Early entry is definitely an advantage in the product placement industry as we found that,

regardless of size, the companies that are most active (and most successful) in Hollywood are those

that thought about it first and established relationships early on:

C5: “Fortunately we developed a good relationship a couple of years ago before they thought about it…I really have a good relationship with them (the studios). That's what is really necessary, because while they don't have control of their director...they do have control over which brand of product they place in their movie. It's all about who you know.” C4: “the production houses themselves are probably starting to look for perhaps a little bit more of a closer relationship, sort of more hand in hand.”

The focus of relationships is accentuated by the nature of the Hollywood business and we

were often reminded that “Hollywood is one of those relationship-type of industries” (C1)

C4: “This is a town based upon relationships. I think you need to physically be here, to be honest with you, to cultivate those relationships and to derive the benefits from them.”

Los Angeles-based agents and clients expressed the benefits of being in the “in-crowd,” of

the rather shielded and somewhat restricted entertainment world. Members of the in-crowd like to

name-drop, throw “invitation-only” cocktail parties, and/or entertain on private yachts. This

exchange is as much driven by their own ego gratification as by business motives. The dynamics of

the industry are described rather well in the following quote:

C4: “I wanted to proactively go out there and cultivate relationships with different folks from all levels, whether it be celebrity talent, whether it be producers, writers, property masters, etc.
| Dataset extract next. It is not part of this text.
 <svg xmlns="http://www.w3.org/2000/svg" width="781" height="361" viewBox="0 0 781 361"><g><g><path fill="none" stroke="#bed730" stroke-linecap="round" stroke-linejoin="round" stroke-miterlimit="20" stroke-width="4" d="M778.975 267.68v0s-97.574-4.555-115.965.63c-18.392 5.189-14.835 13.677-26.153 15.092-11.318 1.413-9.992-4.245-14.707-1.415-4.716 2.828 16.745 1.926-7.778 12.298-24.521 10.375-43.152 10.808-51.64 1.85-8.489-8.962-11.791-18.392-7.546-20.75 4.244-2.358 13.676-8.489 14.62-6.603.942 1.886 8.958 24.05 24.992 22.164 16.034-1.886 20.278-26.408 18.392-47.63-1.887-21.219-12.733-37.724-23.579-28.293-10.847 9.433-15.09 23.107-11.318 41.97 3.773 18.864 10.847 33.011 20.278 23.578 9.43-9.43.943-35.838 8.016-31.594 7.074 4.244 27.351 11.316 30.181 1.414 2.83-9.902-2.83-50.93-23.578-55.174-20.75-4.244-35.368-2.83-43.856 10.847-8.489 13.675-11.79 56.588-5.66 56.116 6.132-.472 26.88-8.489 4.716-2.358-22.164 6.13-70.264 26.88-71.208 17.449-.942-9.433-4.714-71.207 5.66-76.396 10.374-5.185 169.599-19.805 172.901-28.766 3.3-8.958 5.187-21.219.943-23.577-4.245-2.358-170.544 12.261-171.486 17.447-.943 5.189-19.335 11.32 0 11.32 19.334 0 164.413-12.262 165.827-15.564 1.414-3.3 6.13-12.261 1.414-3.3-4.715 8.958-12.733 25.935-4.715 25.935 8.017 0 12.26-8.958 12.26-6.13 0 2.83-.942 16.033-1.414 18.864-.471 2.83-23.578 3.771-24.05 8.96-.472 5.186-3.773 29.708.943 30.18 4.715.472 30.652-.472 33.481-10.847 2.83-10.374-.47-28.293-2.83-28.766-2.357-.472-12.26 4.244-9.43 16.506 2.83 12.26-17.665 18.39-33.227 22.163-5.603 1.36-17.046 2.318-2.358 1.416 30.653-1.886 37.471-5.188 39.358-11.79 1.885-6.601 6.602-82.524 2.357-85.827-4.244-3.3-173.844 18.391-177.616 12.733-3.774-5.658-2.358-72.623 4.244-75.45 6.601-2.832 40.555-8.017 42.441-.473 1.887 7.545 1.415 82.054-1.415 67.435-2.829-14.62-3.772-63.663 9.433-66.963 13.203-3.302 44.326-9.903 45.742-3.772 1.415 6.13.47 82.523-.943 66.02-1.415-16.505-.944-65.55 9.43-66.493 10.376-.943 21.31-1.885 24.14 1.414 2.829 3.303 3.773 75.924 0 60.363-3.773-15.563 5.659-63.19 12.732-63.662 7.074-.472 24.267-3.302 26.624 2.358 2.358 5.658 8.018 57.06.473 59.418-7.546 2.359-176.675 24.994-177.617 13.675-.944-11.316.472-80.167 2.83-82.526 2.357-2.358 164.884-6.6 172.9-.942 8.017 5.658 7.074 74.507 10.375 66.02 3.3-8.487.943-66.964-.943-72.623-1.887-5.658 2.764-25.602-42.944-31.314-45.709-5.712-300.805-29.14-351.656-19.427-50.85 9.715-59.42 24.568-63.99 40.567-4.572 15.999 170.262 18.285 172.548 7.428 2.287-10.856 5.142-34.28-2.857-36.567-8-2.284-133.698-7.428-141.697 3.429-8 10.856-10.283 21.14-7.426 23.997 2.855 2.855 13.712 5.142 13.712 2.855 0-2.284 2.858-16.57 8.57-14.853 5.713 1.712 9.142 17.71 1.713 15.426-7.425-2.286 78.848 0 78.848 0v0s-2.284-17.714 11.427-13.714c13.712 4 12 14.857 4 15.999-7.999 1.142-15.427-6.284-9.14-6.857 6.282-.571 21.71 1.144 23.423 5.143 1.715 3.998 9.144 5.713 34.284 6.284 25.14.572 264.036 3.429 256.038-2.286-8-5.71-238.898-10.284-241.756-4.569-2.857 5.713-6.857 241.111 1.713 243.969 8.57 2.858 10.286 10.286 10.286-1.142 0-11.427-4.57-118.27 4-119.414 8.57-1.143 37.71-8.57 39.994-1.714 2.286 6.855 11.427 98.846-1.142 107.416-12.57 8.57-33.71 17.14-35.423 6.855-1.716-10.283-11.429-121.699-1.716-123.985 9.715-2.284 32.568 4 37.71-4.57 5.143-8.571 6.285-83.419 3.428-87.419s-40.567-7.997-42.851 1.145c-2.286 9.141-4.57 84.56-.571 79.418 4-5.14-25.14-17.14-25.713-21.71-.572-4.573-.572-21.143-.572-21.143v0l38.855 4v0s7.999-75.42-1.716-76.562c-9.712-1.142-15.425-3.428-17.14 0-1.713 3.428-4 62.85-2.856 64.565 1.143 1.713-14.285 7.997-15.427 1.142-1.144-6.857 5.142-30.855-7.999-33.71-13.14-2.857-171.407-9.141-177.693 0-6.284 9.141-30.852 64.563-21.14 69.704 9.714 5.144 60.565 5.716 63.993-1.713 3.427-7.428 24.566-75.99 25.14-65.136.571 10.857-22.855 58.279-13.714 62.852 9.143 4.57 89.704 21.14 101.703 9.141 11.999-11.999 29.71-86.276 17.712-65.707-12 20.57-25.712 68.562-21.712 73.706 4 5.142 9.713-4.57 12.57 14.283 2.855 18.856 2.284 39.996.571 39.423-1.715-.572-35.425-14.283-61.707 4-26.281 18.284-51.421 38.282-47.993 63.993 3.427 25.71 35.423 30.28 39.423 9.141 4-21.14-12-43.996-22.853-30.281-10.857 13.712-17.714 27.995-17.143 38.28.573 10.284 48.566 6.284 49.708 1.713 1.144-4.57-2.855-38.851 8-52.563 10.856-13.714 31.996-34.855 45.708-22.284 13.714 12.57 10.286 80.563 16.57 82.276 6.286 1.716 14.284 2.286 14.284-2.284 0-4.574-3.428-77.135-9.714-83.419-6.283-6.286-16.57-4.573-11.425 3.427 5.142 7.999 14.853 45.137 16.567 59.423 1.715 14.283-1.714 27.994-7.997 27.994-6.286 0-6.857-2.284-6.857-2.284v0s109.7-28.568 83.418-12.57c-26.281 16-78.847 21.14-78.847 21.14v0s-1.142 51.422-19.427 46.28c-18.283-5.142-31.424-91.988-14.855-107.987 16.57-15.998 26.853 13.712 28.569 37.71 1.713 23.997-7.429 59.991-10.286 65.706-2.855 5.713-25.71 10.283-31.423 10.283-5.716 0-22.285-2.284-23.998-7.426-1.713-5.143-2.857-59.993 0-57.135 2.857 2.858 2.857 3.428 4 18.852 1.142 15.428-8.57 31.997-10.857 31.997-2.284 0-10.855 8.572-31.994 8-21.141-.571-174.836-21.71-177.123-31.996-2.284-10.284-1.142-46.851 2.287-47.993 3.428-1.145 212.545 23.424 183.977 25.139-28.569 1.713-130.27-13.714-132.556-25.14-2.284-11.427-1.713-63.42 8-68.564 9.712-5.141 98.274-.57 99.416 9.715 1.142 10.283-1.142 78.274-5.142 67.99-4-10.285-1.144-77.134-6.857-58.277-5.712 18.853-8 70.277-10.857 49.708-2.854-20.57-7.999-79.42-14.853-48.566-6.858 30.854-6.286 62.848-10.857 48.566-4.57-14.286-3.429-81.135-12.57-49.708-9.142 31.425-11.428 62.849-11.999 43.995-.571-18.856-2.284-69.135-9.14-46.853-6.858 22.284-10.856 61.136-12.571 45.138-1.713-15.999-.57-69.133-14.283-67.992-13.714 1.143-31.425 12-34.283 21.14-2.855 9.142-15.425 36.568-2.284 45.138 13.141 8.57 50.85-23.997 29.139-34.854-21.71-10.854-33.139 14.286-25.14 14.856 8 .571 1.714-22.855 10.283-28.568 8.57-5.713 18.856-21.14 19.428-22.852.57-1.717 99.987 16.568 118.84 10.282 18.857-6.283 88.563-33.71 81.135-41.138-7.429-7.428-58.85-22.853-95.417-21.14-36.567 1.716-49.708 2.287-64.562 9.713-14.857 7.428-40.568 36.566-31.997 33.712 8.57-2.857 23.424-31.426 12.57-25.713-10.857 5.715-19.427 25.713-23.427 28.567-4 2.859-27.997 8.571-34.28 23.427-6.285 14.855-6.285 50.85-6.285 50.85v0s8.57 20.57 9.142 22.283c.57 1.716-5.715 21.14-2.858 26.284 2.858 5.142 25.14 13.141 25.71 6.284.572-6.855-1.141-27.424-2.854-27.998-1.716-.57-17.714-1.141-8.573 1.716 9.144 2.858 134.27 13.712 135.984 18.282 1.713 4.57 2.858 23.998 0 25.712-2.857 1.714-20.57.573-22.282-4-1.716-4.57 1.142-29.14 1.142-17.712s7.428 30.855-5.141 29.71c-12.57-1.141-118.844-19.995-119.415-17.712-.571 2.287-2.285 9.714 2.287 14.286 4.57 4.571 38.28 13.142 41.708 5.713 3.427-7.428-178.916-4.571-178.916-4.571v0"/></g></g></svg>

Sort of covering all gamuts of the business. We have been able to forge relationships with many of these people by the sheer ability to sort of be here in town. (…) We’ve been able to forge these relationships with people, so that it’s not just about writing a check to be a part of something. We’re getting invited because of who we are and how we treat people, not because we have a lot of money in the bank account. We’re being asked to participate and being given opportunities because we’ve been good to people. Because we’ve been generous with people and because they respect us and we respect them. It’s a very give and take relationship.”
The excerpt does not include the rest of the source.